Dr. Hellfried Sartori, who claims to cure cancer by injecting patients with an industrial solvent and sprinkling cesium chloride on their food, had his license revoked by D.C. authorities yesterday.

The D.C. Commission on the Healing Arts acted on the basis of Maryland's revocation of Sartori's license 11 months ago for professional incompetence.

Sartori's attorney, Richard L. Fields, said he will appeal the commission's ruling on Monday, but has advised Sartori not to practice medicine "until a court or the board rules otherwise."

The District, like 19 states, can revoke a doctor's license based on a similar action by another state. But what was handled in two to three months by Virginia and Washington State, other jurisdictions where Sartori held a license, took the District nearly a year to process.

North Carolina, while not revoking his license, requested in January that Sartori give up his license, a move that state considers a disciplinary action.

"The District should have acted far sooner to protect the lives and health of patients who were coming to him unaware of the dangers," said Suzanne Dogruyol, a Reston woman who worked as a counselor in Sartori's D.C. office in 1984 and later encouraged former patients, or their surviving relatives, to report their treatments to District and federal authorities.

P. Joseph Sarnella, director of the D.C. medical board, said the board is obligated to follow "administrative procedures," which are time consuming.

Delays also plagued the cases of two other doctors whose inactive D.C. licenses were revoked by the board yesterday. The license of Dr. Mahtab A. Mufti of Staten Island, N.Y., was revoked because of a 1981 conviction in New Jersey on seven counts of sexual assault. Horace C. Stevens, a Riverside, Calif., doctor, lost his license because of a 1978 drug conviction in California.

Sarnella said the board didn't act in Mufti's case until he was released recently from jail. He had "no comment" about why the board waited for seven years to take action on Stevens' case.

The D.C. board also revoked the license of Chris Simopoulos of Fairfax because the doctor was convicted of performing incomplete abortions in Virginia. The Virginia board revoked Simopoulos' license.

Sartori, an Austrian-trained doctor who emigrated to the United States in 1976, has a long history of problems with his practice. In addition to the medical boards' actions against him, he lost his privileges to practice at hospitals in North Carolina and West Virginia and lost his appointment as a Navy doctor.
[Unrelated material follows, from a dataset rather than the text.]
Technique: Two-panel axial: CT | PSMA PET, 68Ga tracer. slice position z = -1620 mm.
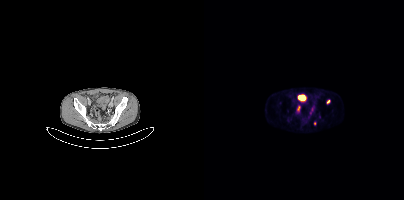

Postal authorities in Baltimore arrested Sartori in 1982 after his federal indictment on charges of distributing cesium chloride to three cancer patients with intent to defraud.

That case resulted in a mistrial when U.S. District Judge Joseph H. Young decided his participation in the American Cancer Society could taint his impartiality.

Sartori injected an industrial-strength version of DMSO, a controversial solvent believed by many to relieve arthritis pain, into the veins of his cancer patients.

He had claimed in an earlier interview that he is being "persecuted by the forces of traditional medicine" who do not agree with his methods. Yesterday, he was out of town and could not be reached for comment.

He moved his practice to a basement apartment in a Connecticut Avenue building after Maryland authorities filed charges against him in 1982. Cancer patients, who learned of his claims through radio shows and health seminars, traveled from several states to receive treatments. Many stayed at a nearby hotel and at least two patients died in the hotel, according to complaints filed with the commission.

"We found a very unprofessional and unclean office, no back-up doctor, the uncaring attitude about Ken's obvious pain, the comments about Ken being able to get better only if he wanted to, and the fact that there was no proof of any cases verified that Dr. Sartori had cured," wrote three relatives of Ken Soule of Alaska. Soule died last Dec. 18 at the D.C. hotel after being treated by Sartori for five days at a cost of $3,900, according to a formal complaint filed with the healing arts commission.

"Dr. Sartori said his death was caused by cardiovascular failure because Ken had taken a hot bath," the complaint said. "The autopsy report showed death caused by metastatic carcinoma to the pancreas."

The D.C. board did not consider the many complaints lodged against Sartori, but acted only on the basis of Maryland's findings.

The Maryland revocation remains under appeal in Montgomery County Circuit Court.